* **TASK ITEM**: What you return should be the full listing, word for word, without a single image.

* **SUPPLIED MATERIAL**:
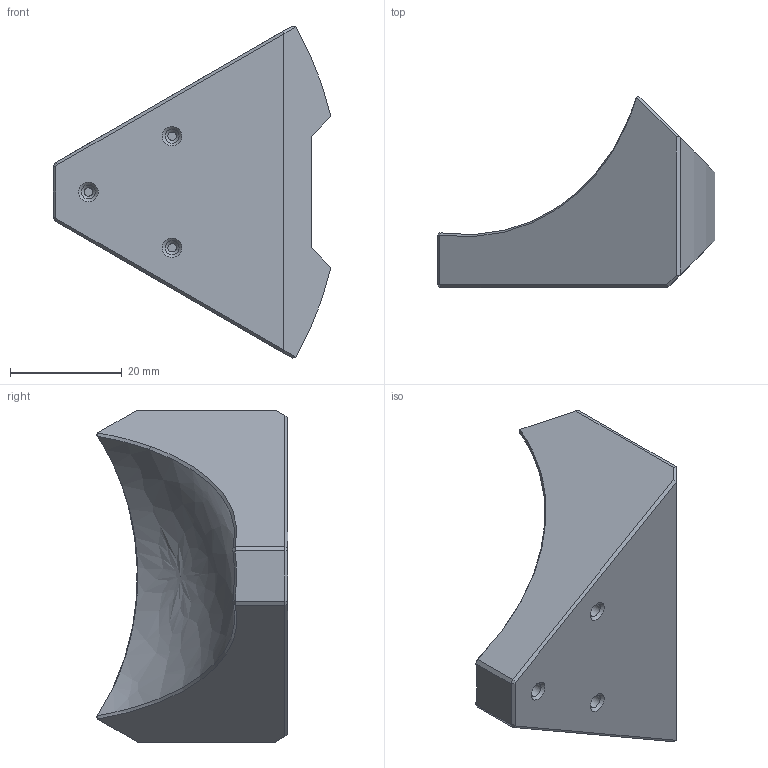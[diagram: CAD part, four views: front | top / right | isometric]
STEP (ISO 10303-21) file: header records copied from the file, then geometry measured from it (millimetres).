
FILE_DESCRIPTION(('Open CASCADE Model'),'2;1');
FILE_NAME('Open CASCADE Shape Model','2025-06-27T05:17:38',('Author'),( 'Open CASCADE'),'Open CASCADE STEP processor 7.7','Open CASCADE 7.7' ,'Unknown');
FILE_SCHEMA(('AUTOMOTIVE_DESIGN { 1 0 10303 214 1 1 1 1 }'));
Length unit declared in the file: millimetre
Products named in the file (1): Open CASCADE STEP translator 7.7 4
Bounding box: 49.81 x 34.29 x 59.5 mm (x, y, z)
Volume: 30079.6 mm3; surface area: 7302.1 mm2
Topology: 1 solids, 1 shells, 54 faces, 119 edges, 71 vertices
Faces by surface type: plane 27, cone 10, bspline 9, cylinder 5, extrusion 2, revolution 1
Full cylindrical faces by diameter (mm): 2.5 x5
Entity records: 4441 total; most frequent: CARTESIAN_POINT 2162, DIRECTION 368, ORIENTED_EDGE 236, PCURVE 236, DEFINITIONAL_REPRESENTATION 236, VECTOR 225, LINE 223, EDGE_CURVE 118

* **WRITTEN REPLY**:
[diagram: CAD part, four views: front | top / right | isometric]
STEP (ISO 10303-21) file: header records copied from the file, then geometry measured from it (millimetres).
FILE_DESCRIPTION(('Open CASCADE Model'),'2;1');
FILE_NAME('Open CASCADE Shape Model','2025-06-27T05:17:38',('Author'),( 'Open CASCADE'),'Open CASCADE STEP processor 7.7','Open CASCADE 7.7' ,'Unknown');
FILE_SCHEMA(('AUTOMOTIVE_DESIGN { 1 0 10303 214 1 1 1 1 }'));
Length unit declared in the file: millimetre
Products named in the file (1): Open CASCADE STEP translator 7.7 4
Bounding box: 49.81 x 34.29 x 59.5 mm (x, y, z)
Volume: 30079.6 mm3; surface area: 7302.1 mm2
Topology: 1 solids, 1 shells, 54 faces, 119 edges, 71 vertices
Faces by surface type: plane 27, cone 10, bspline 9, cylinder 5, extrusion 2, revolution 1
Full cylindrical faces by diameter (mm): 2.5 x5
Entity records: 4441 total; most frequent: CARTESIAN_POINT 2162, DIRECTION 368, ORIENTED_EDGE 236, PCURVE 236, DEFINITIONAL_REPRESENTATION 236, VECTOR 225, LINE 223, EDGE_CURVE 118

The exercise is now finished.